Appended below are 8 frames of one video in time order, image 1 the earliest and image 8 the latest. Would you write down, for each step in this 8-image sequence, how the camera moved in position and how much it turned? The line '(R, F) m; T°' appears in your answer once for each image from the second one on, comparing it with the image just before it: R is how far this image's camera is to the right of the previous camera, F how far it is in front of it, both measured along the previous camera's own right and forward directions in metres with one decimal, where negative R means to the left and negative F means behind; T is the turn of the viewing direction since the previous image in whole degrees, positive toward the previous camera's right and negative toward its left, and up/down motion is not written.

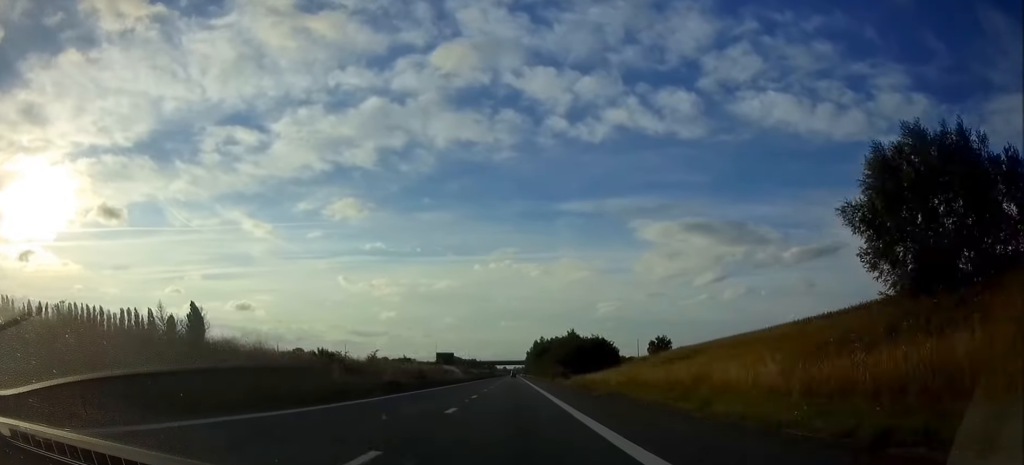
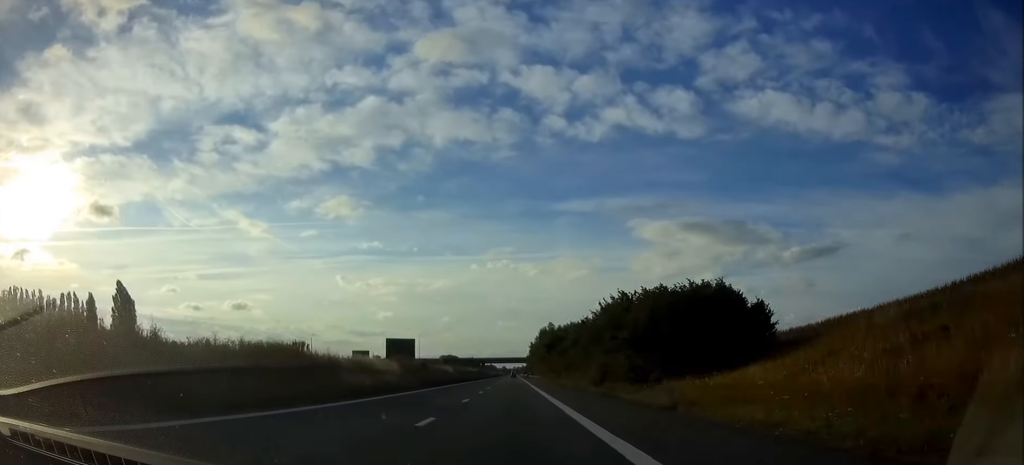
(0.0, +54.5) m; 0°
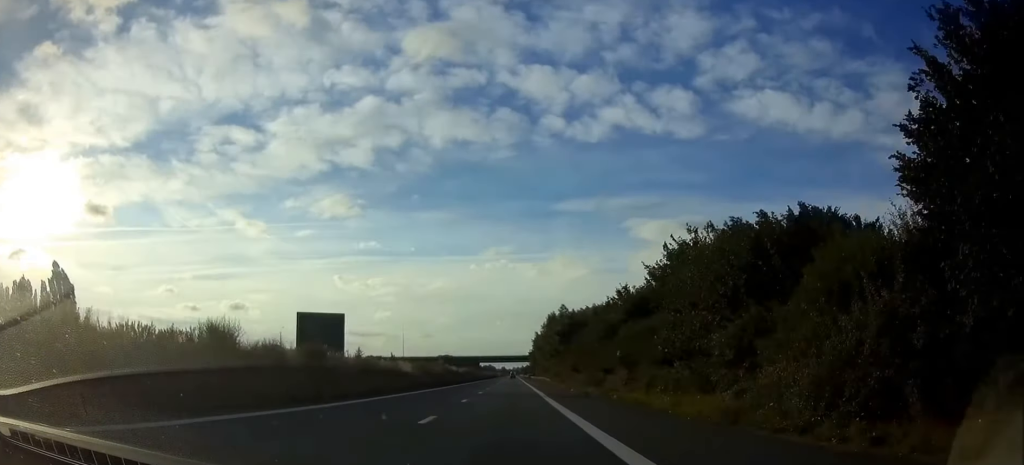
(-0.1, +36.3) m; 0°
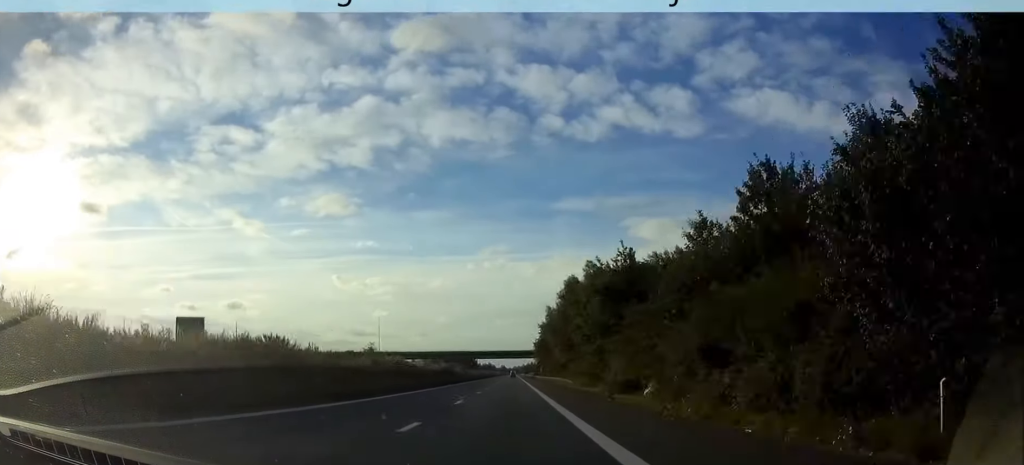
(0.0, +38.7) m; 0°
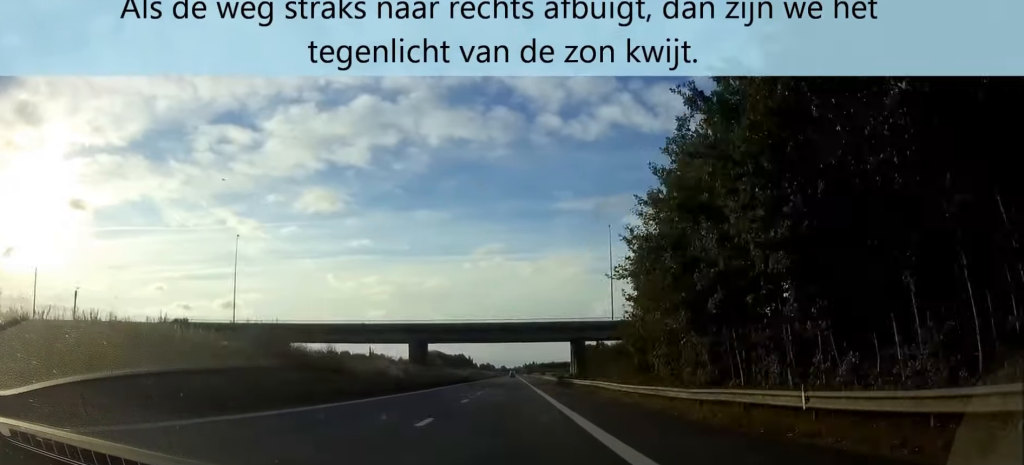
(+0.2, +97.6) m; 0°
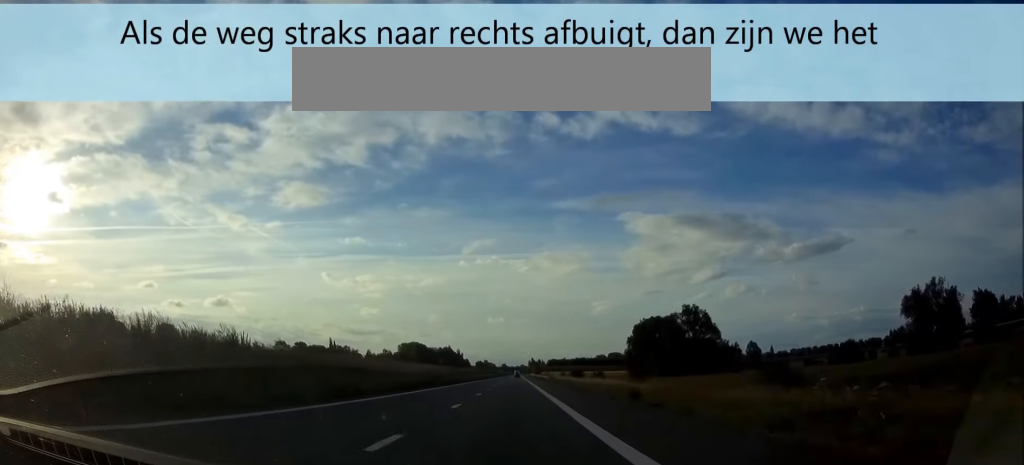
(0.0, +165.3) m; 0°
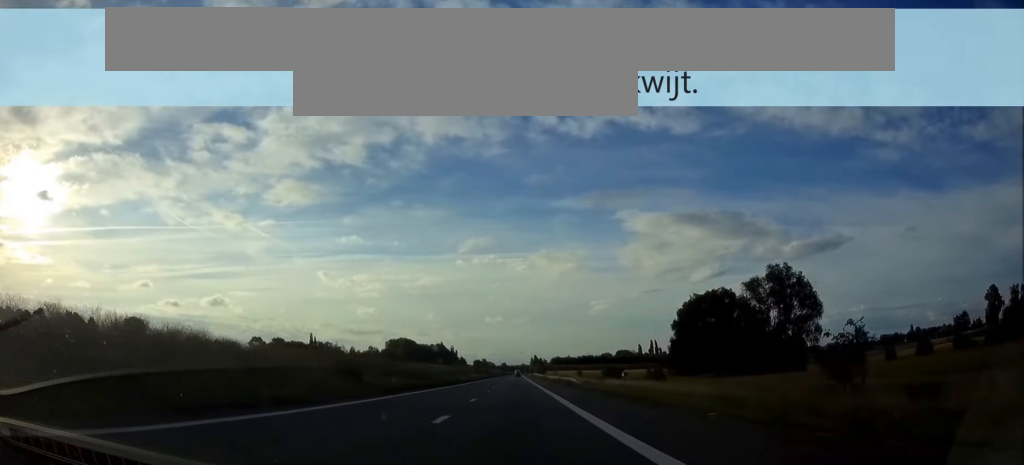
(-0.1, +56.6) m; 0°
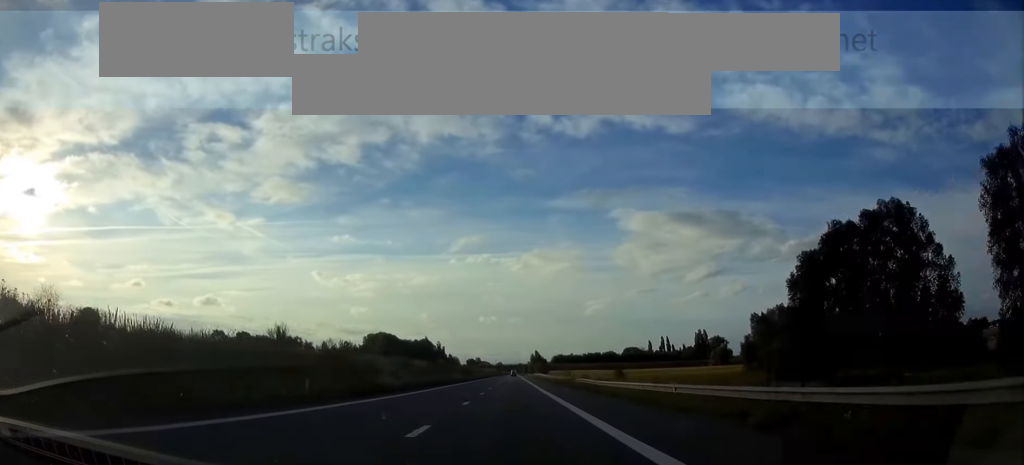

* [Instructions for the task]
A word-for-word copy of every entry, with the pictures left out, is the required answer.

* [Solution]
Appended below are 8 frames of one video in time order, image 1 the earliest and image 8 the latest. Would you write down, for each step in this 8-image sequence, how the camera moved in position and how much it turned? The line '(R, F) m; T°' appears in your answer once for each image from the second one on, comparing it with the image just before it: R is how far this image's camera is to the right of the previous camera, F how far it is in front of it, both measured along the previous camera's own right and forward directions in metres with one decimal, where negative R means to the left and negative F means behind; T is the turn of the viewing direction since the previous image in whole degrees, positive toward the previous camera's right and negative toward its left, and up/down motion is not written.

(0.0, +54.5) m; 0°
(-0.1, +36.3) m; 0°
(0.0, +38.7) m; 0°
(+0.2, +97.6) m; 0°
(0.0, +165.3) m; 0°
(-0.1, +56.6) m; 0°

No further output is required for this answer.